Finlay said some Souris businesses noticed problems by mid-June. A farmer would buy a hammer handle to replace a split one rather than a new tool.
“People have been running up until now on last year’s money,” said Finlay.
Now, with a poor or non-existent harvest and low grain prices, outstanding accounts are building at farm supply outlets. Some people in Finlay’s area won’t have a crop until September 2000.
As a KAP director, he keeps lobbying governments for help.
“We need to keep the pressure on Manitoba Health to keep mental health services in the southwest.”
Finlay said the department put extra staff into the area for eight months, while the Red River flood earned extra mental health staff for 18 months.
“I’m trying to make the word known on the hurt.”
Finlay took a direct role earlier this summer when he hosted federal agriculture minister Lyle Vanclief on his farm to talk about the impending crop disaster. But he said judging by the aid program, if the minister did learn anything, he did not put it into practice.

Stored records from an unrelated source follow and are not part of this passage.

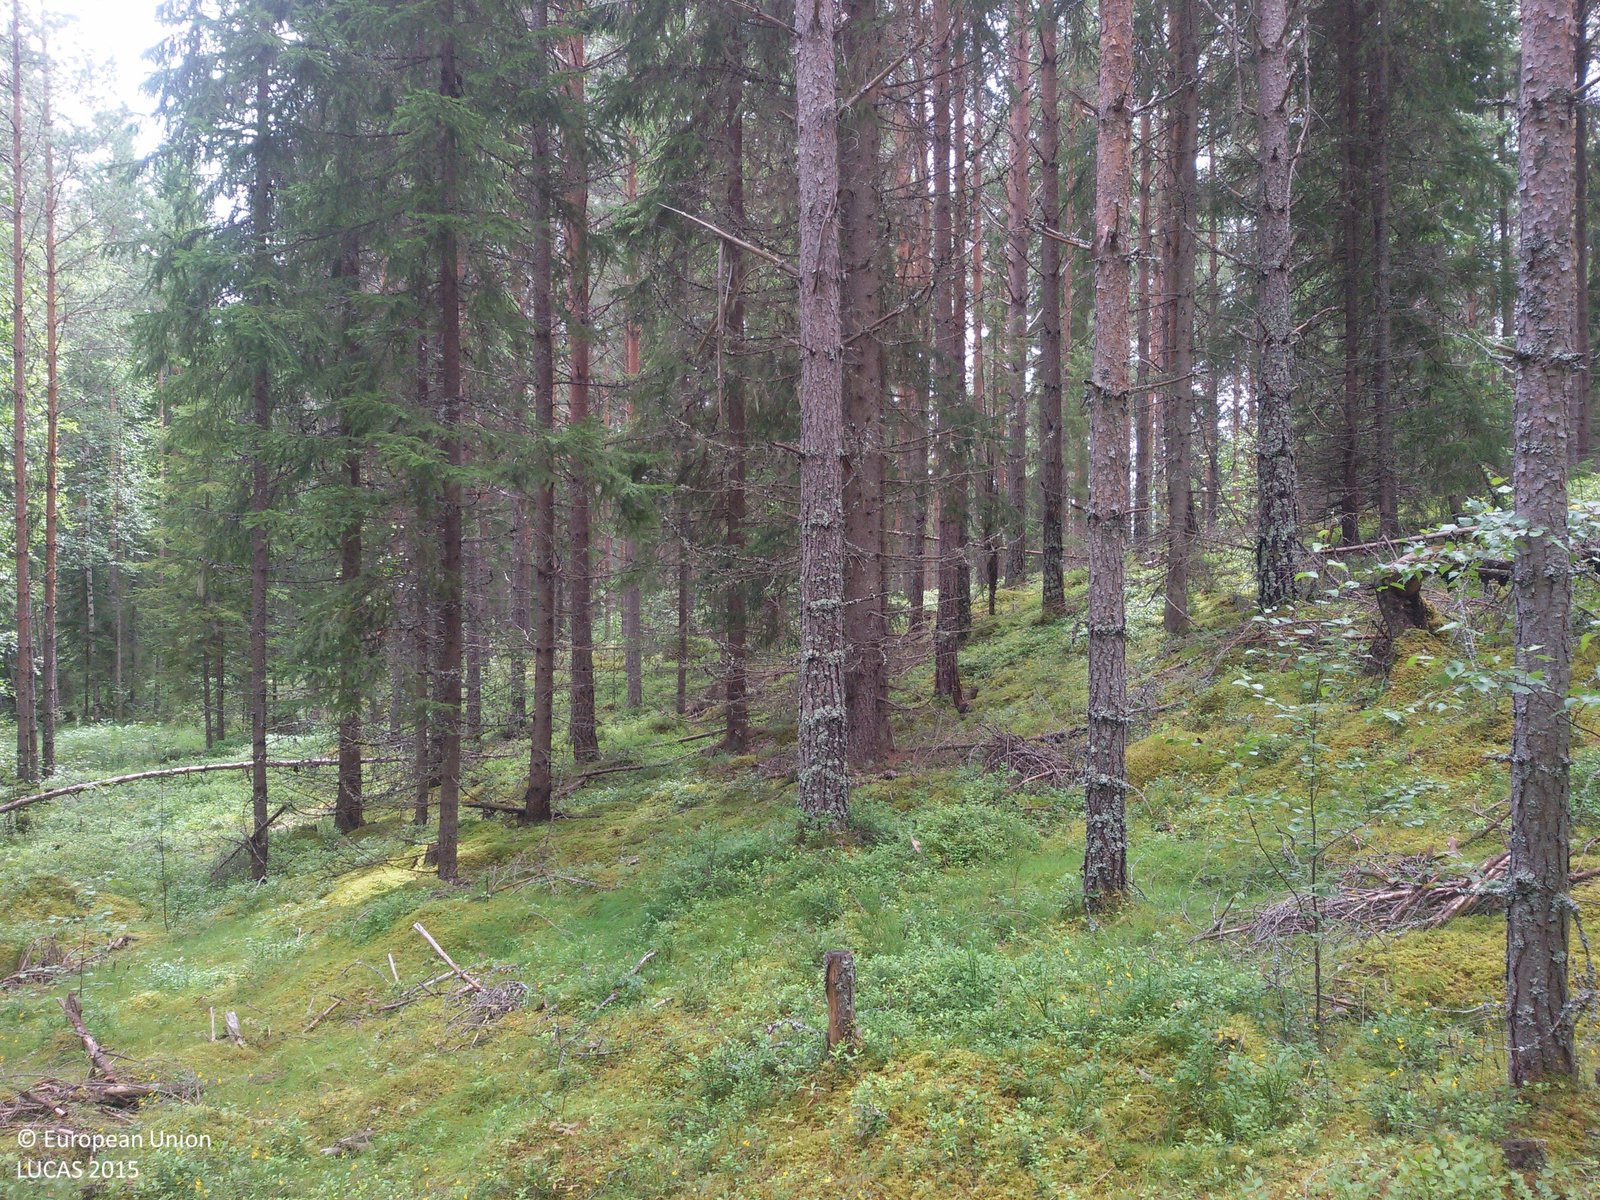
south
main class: Woodland
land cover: Pine dominated coniferous woodland
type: boreal forest
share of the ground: > 75 %
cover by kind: coniferous forest trees 75 %, shrubs 25 %
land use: Forestry
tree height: > 5 m
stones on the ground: > 50 %
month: July
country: SE
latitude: 60.4921
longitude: 15.8668
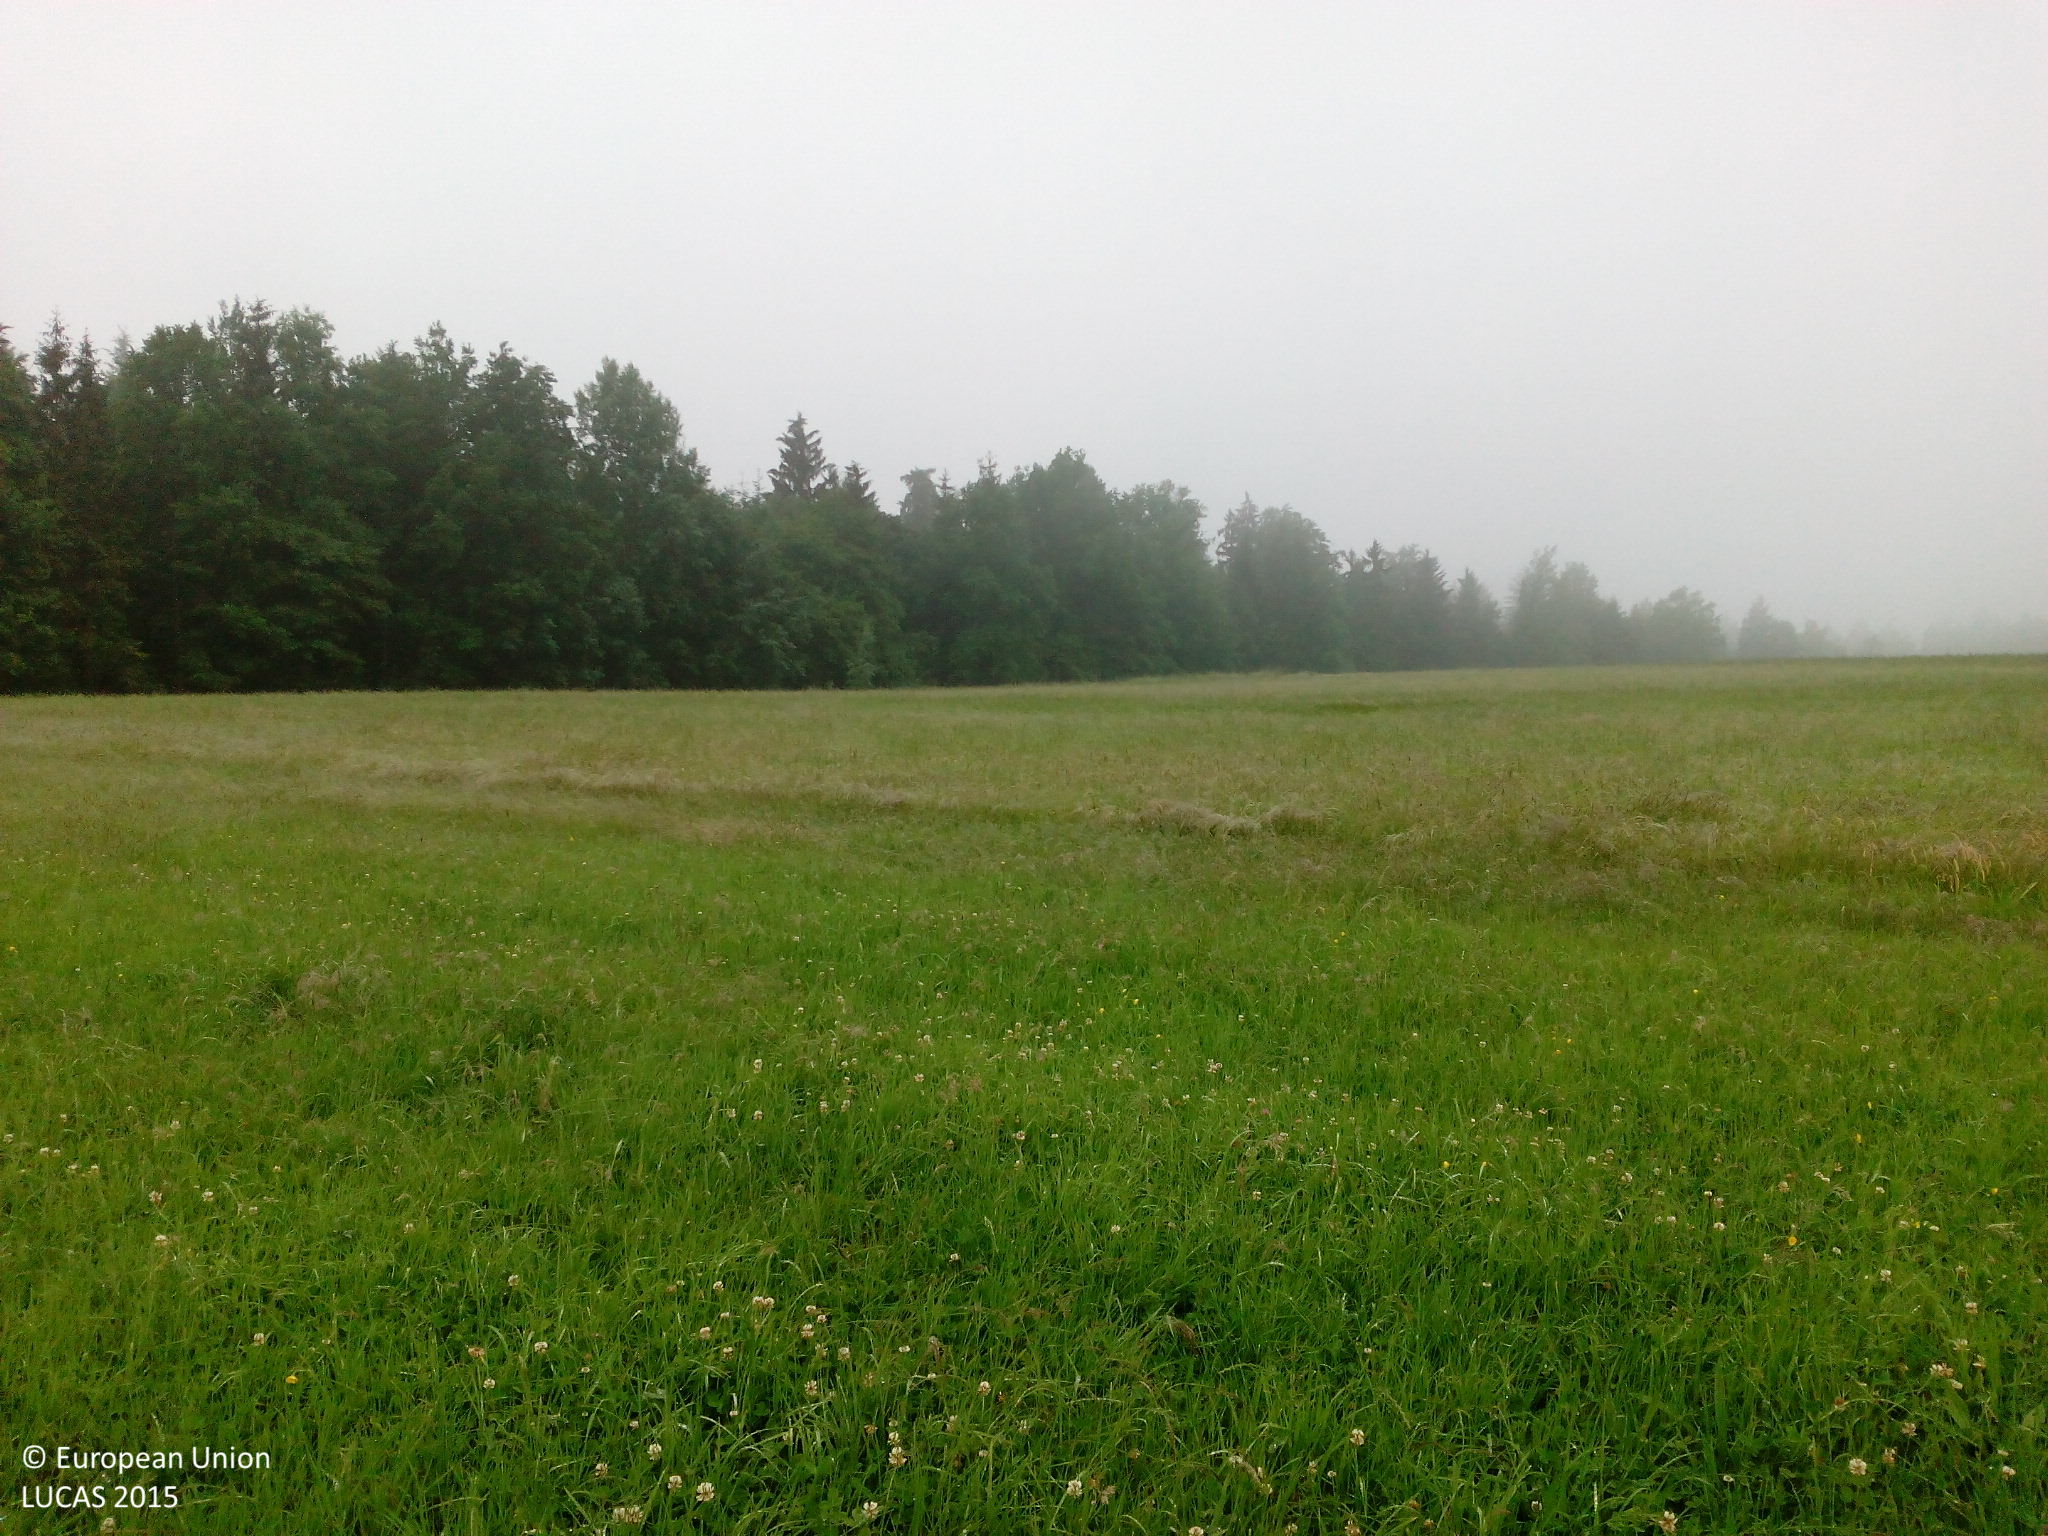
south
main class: Grassland
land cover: Grassland without tree/shrub cover
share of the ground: > 75 %
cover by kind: herbaceous plants 100 %
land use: Agriculture (excluding fallow land and kitchen gardens)
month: June
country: DE
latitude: 50.0845
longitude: 11.4950

Even word last Friday that there would be another $170 million of federal money across Canada “doesn’t sound like enough.”
Finlay plans to plant his usual 2,000 cultivated acres with hard wheat, durum, canola, barley, flax and peas next spring, but he estimated 30 percent of the farmers around him can’t afford to put in a crop.

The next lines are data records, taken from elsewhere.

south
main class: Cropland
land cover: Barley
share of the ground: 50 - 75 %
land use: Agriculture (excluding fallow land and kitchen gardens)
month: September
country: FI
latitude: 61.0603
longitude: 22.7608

He advises farmers who are stressed to “get out and talk to somebody. There is help available and it is confidential.”
He asks urban taxpayers to remember the farmer is a price taker, not a price maker, and that there is trouble on the farm when the price of grain is lower than production costs per bushel.

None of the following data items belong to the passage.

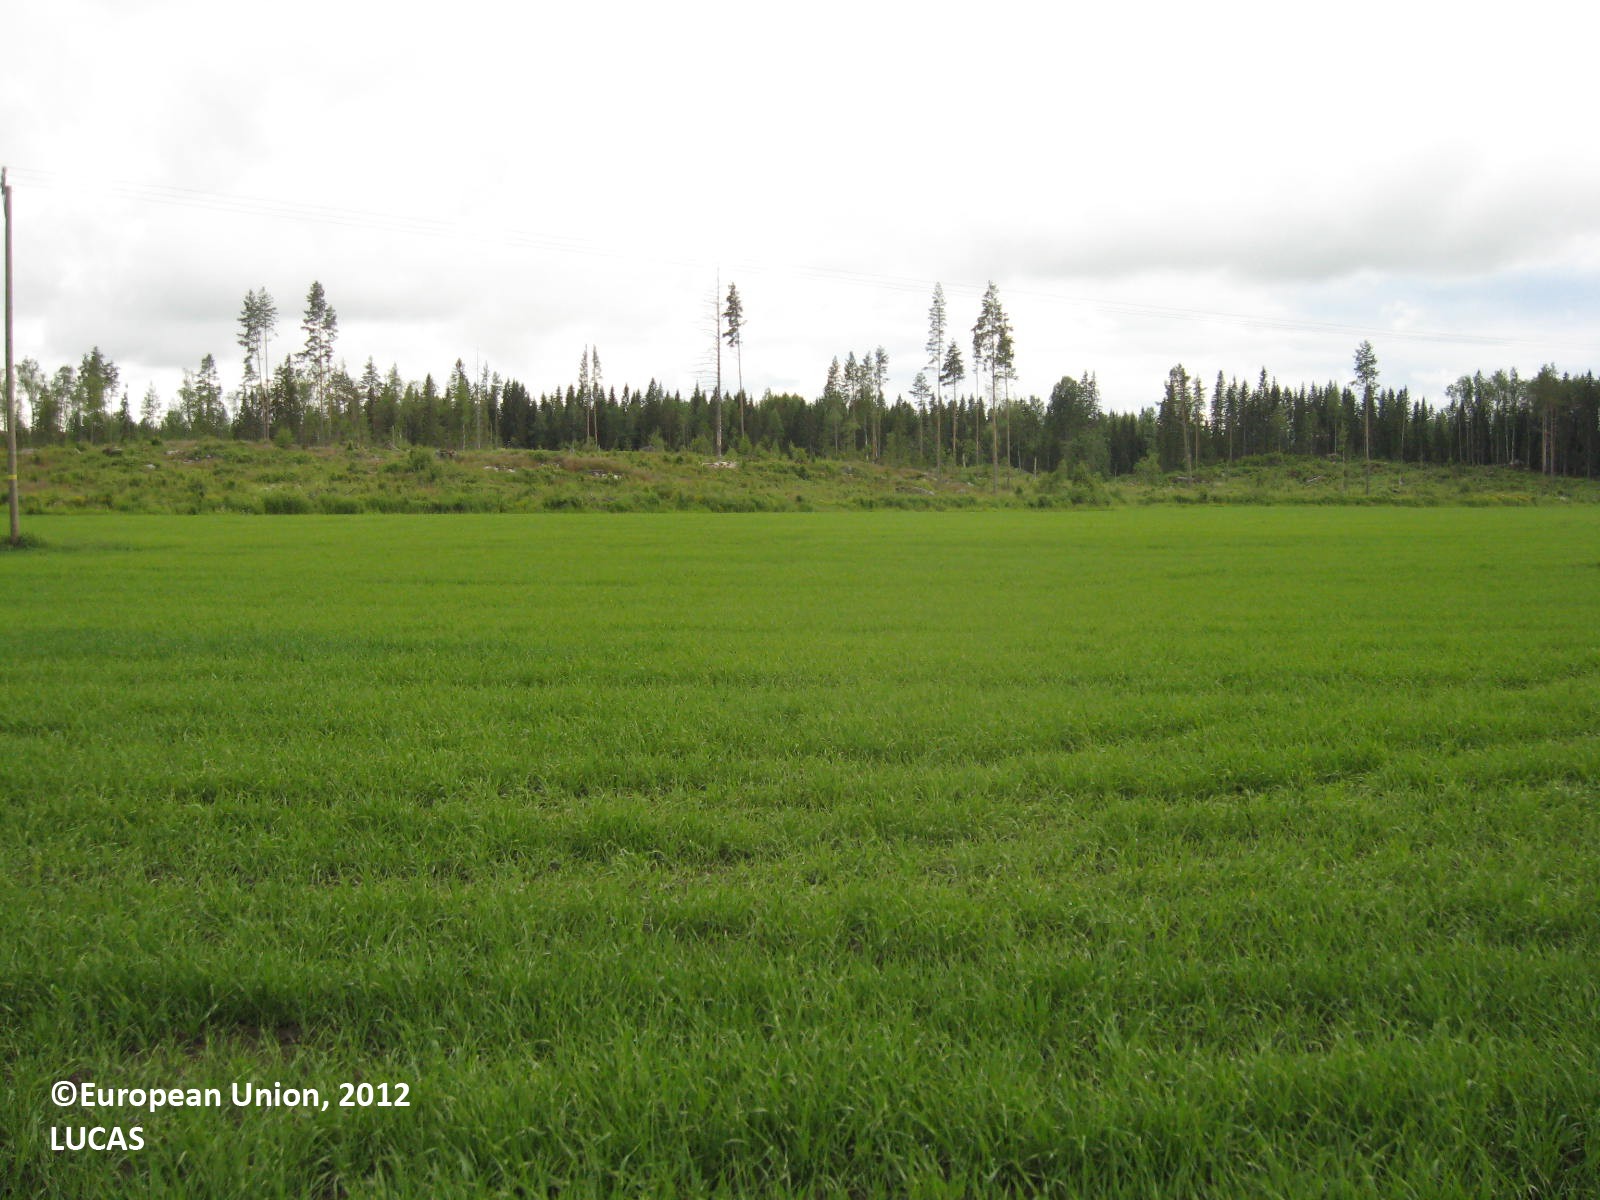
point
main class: Cropland
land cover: Barley
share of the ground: > 75 %
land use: Agriculture (excluding fallow land and kitchen gardens)
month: June
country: FI
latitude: 62.9197
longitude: 22.6358

“I think there’s a role for everyone to play. Let the federal MPs hear things.”
Bills pile up
Finlay’s neighbors Mike and Sandra Harris tried to farm for five years, investing $50,000 from their savings into a section of land and using $65,000 from a Farm Credit Corp. loan to buy used machinery.
A blown tractor engine, transmission problems and the birth of their two children led to a capital crunch that ate their profits and their Registered Retirement Savings Plans, even in the good years. This year and last were too wet. Input costs and crop insurance costs “just killed us.”
Mike said a better farm safety net might have been the difference that kept them farming. He advises other new farmers to buy things with cash, especially machinery, because it is so costly.
“You can easily get bitter. What really bugs you is that everyone but the farmers are making money … I’m just tired of all that. Someday, maybe even in 10 years from now, I’d be interested in farming.”
Sandra said she would rather raise her kids on the farm but in the short time that they farmed they never got out of debt.
“I think urban taxpayers seem kind of removed (from the farm crisis) – out of sight, out of mind. It’s hard for them to be concerned. But I sure wonder how the (federal) government can ignore us. The numbers thing got me floored. Send somebody out here. They turned their backs to us.”